The average ventilation rate of mice (61 ml/min) was estimated using established parameters for murine tidal volume (0.2 ml) (Mitzner, Brown, and Lee Citation2001) and respiration rate (305 breaths/min) (Schaik et al. Citation1998). The inhaled concentration of the aerosol (2.2 mg/puff) was calculated using the mean ventilation rate (61 ml/min), chamber flow rate (20 L/min), and aerosol concentration in the chamber (733 mg/m3). Based upon the current literature, the concentration of aerosol deposited within the lung alveoli (550 µg/puff) was presumed to be approximately 25% of the aerosol concentration inhaled by the mice during each puff (Darquenne et al. Citation2014).

Intravital imaging of pulmonary microvasculature

EC-exposed mice (n = 5 per group) were imaged immediately following exposure (t0), 1 day after exposure (t24), or 2 days after exposure (t48). RA-exposed mice (n = 5 per group) were imaged 1 day after sham exposure. Lung intravital imaging was conducted as previously described (Bennewitz, Watkins, and Sundd Citation2014). Briefly, ketamine-xylazine anesthetized mice underwent tracheostomy ventilation with 1.5% isoflurane in oxygen to maintain anesthesia. Mice were positioned on their side and a portion of the ribcage was removed. Fluorescent labels for vasculature (FITC dextran), NETs (SYTOX Orange), neutrophils (Pacific Blue anti-mouse Ly6G mAb) and platelets (AlexaFluor647 anti-mouse CD49b mAb) were injected retro-orbitally.
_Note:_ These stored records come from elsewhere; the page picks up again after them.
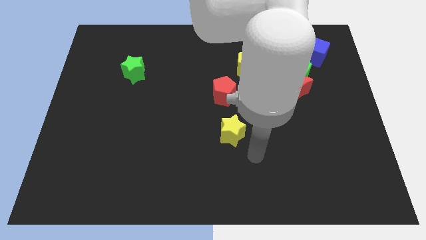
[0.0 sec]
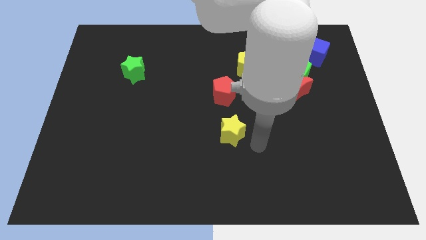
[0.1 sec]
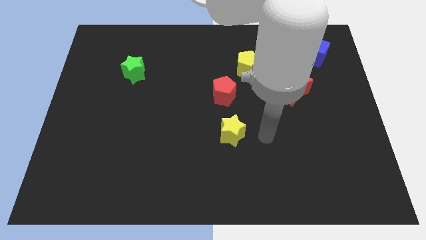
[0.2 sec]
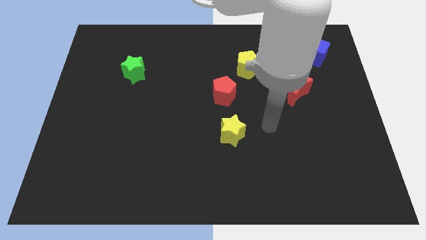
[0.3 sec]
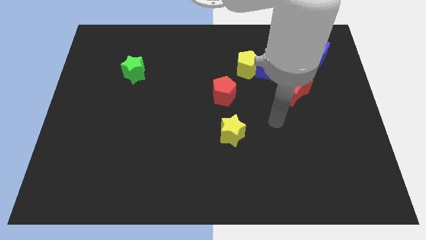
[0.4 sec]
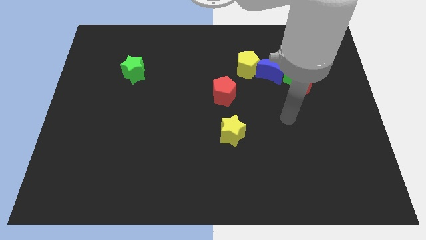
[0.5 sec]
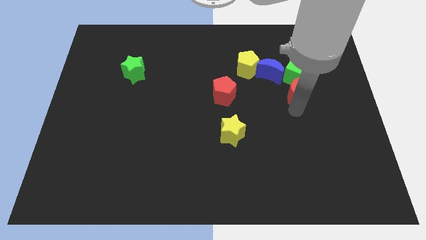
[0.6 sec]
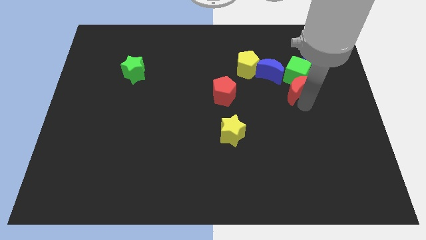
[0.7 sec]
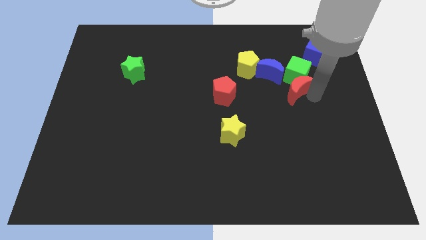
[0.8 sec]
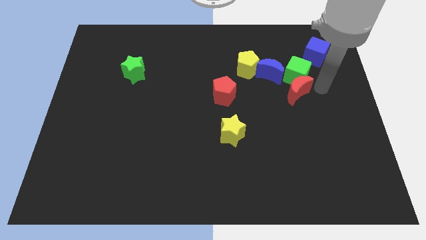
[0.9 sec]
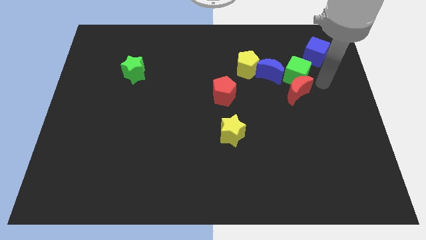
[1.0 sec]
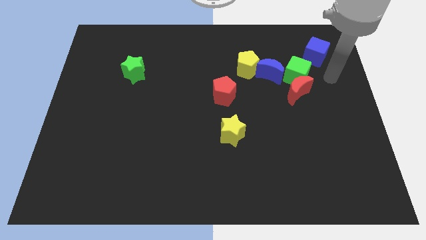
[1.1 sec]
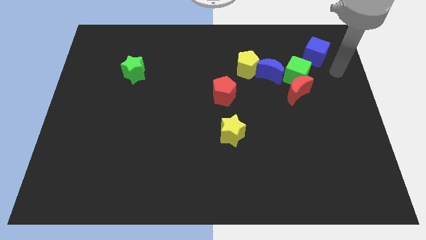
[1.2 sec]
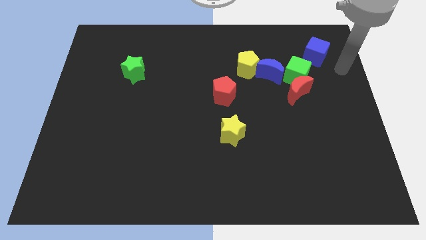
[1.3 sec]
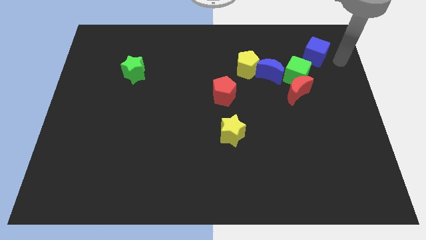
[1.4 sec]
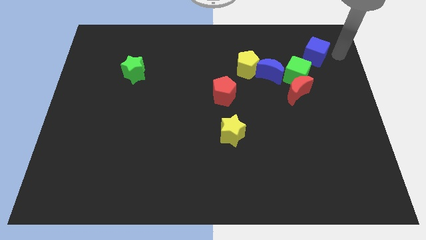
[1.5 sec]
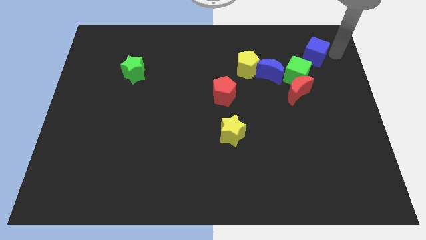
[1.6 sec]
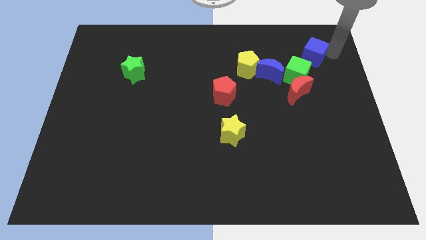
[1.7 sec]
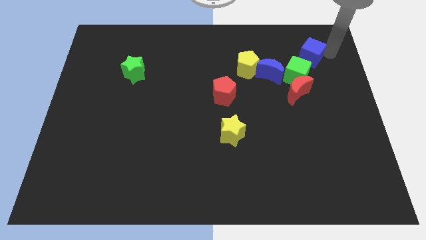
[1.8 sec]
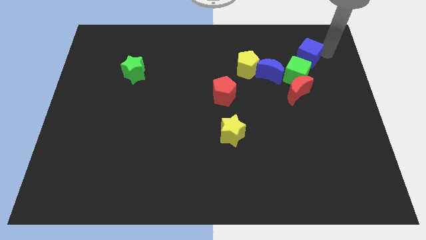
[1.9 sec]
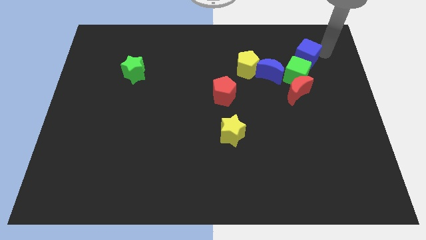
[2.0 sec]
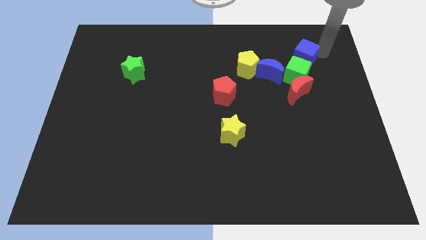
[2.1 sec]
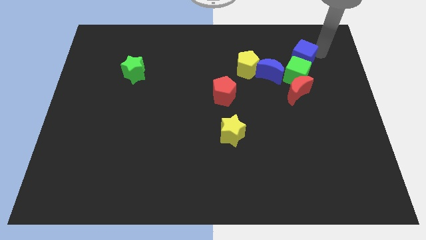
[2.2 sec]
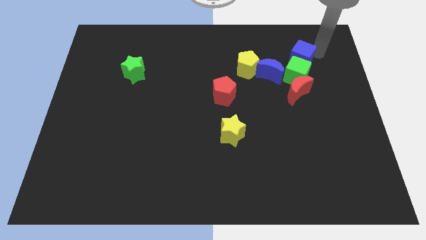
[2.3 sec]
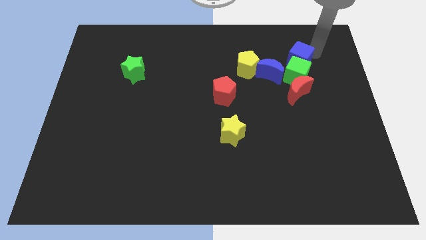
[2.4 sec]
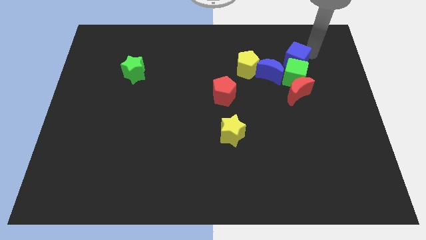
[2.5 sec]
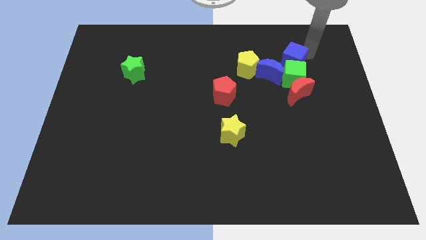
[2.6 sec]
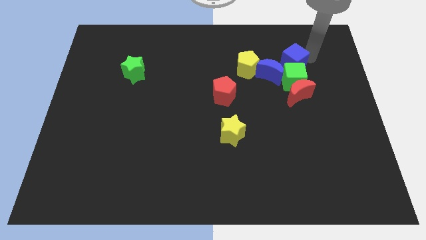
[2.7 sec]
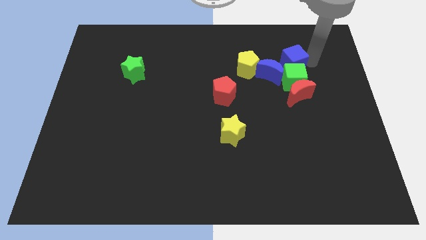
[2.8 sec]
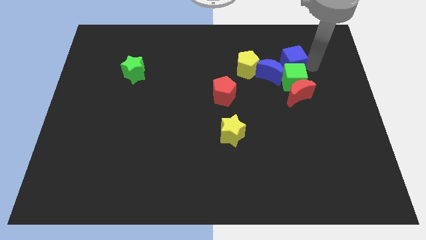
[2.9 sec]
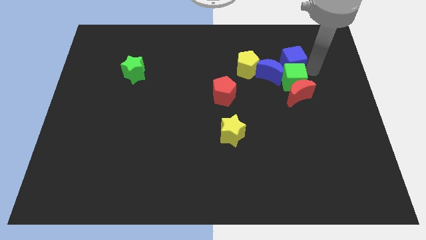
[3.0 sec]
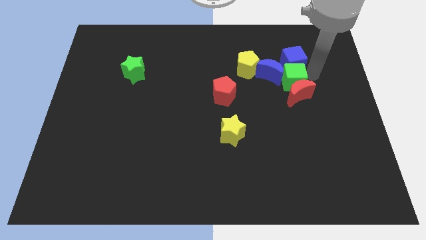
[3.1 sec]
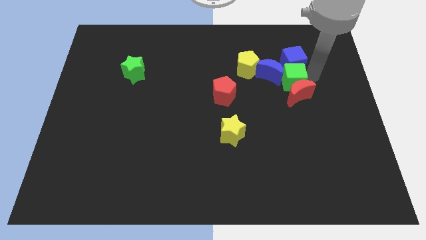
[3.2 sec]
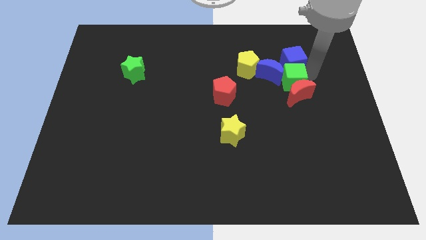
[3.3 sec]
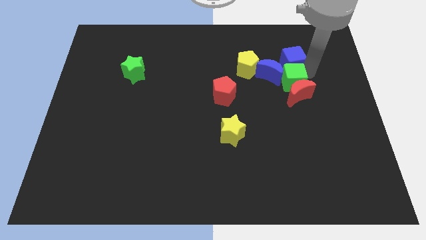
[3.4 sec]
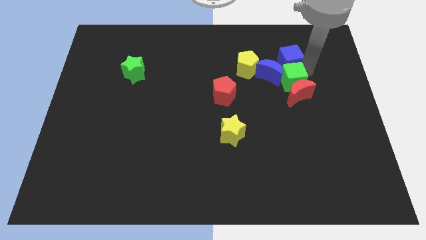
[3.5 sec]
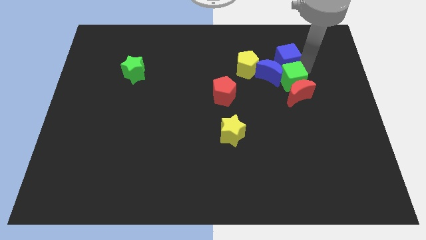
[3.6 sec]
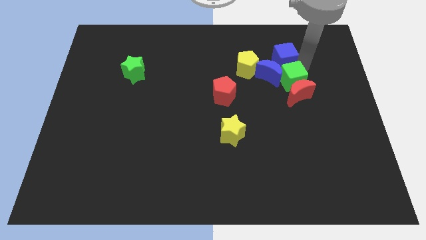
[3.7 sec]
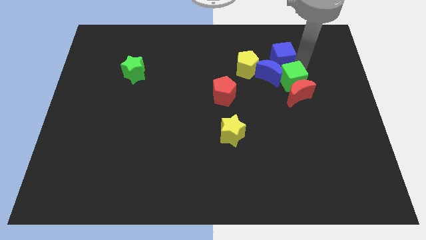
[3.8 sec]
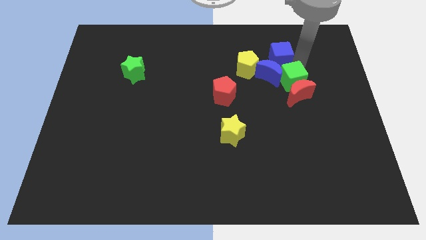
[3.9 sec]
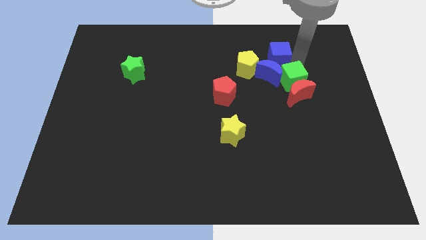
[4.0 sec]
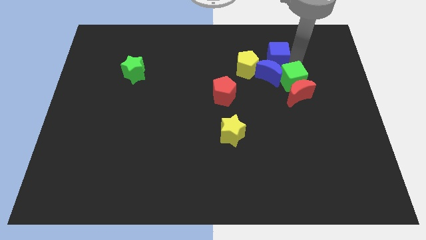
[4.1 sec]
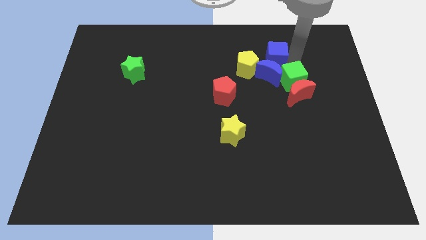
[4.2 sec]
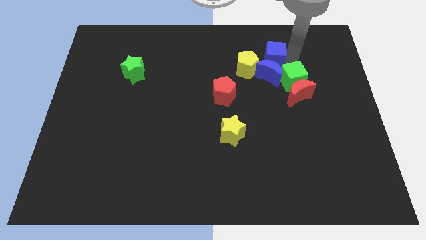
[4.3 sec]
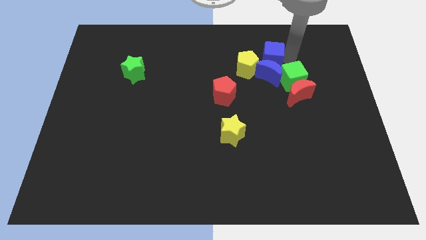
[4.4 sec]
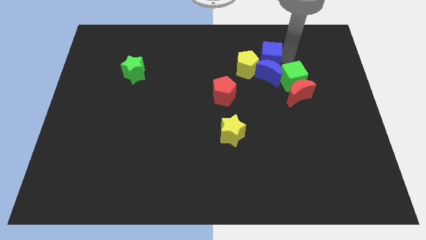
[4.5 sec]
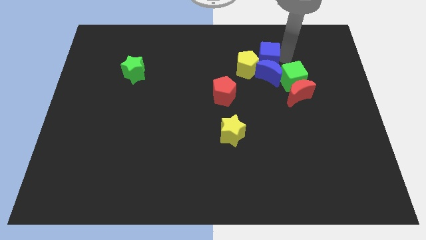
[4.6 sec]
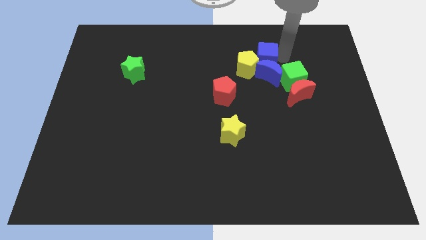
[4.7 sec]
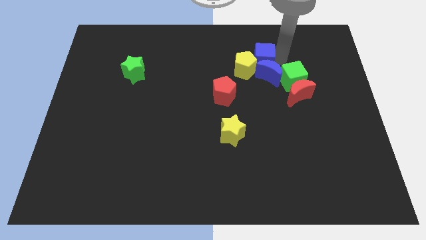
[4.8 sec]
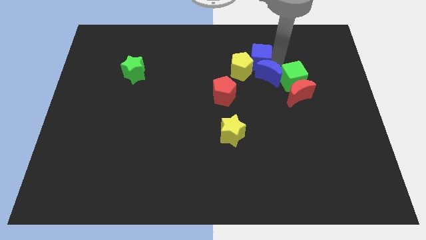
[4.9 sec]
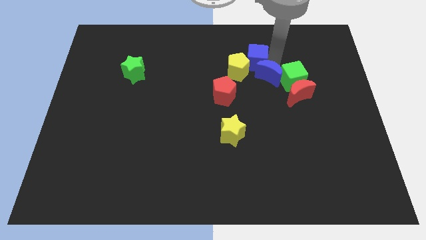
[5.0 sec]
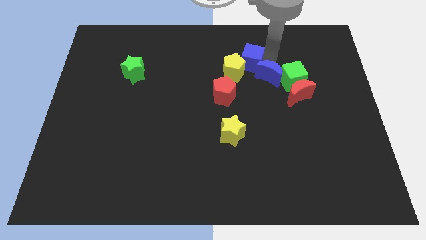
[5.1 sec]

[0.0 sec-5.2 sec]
slide the blue cube just left of the blue moon

An intravital imaging window was affixed to exposed lung under gentle vacuum. Using a Nikon FN1 upright spinning disk confocal microscope, 15–26 random fields of view (FOVs) were recorded for 30 sec in each mouse at the interface of capillaries and arterioles or venules (Supplemental Videos 1–4). Intravital FOVs were quantified for neutrophils, platelets, neutrophil-platelet aggregates, and NETs (Figure S1). Further details of the surgery, image processing, and quantification are described in Supplemental Material.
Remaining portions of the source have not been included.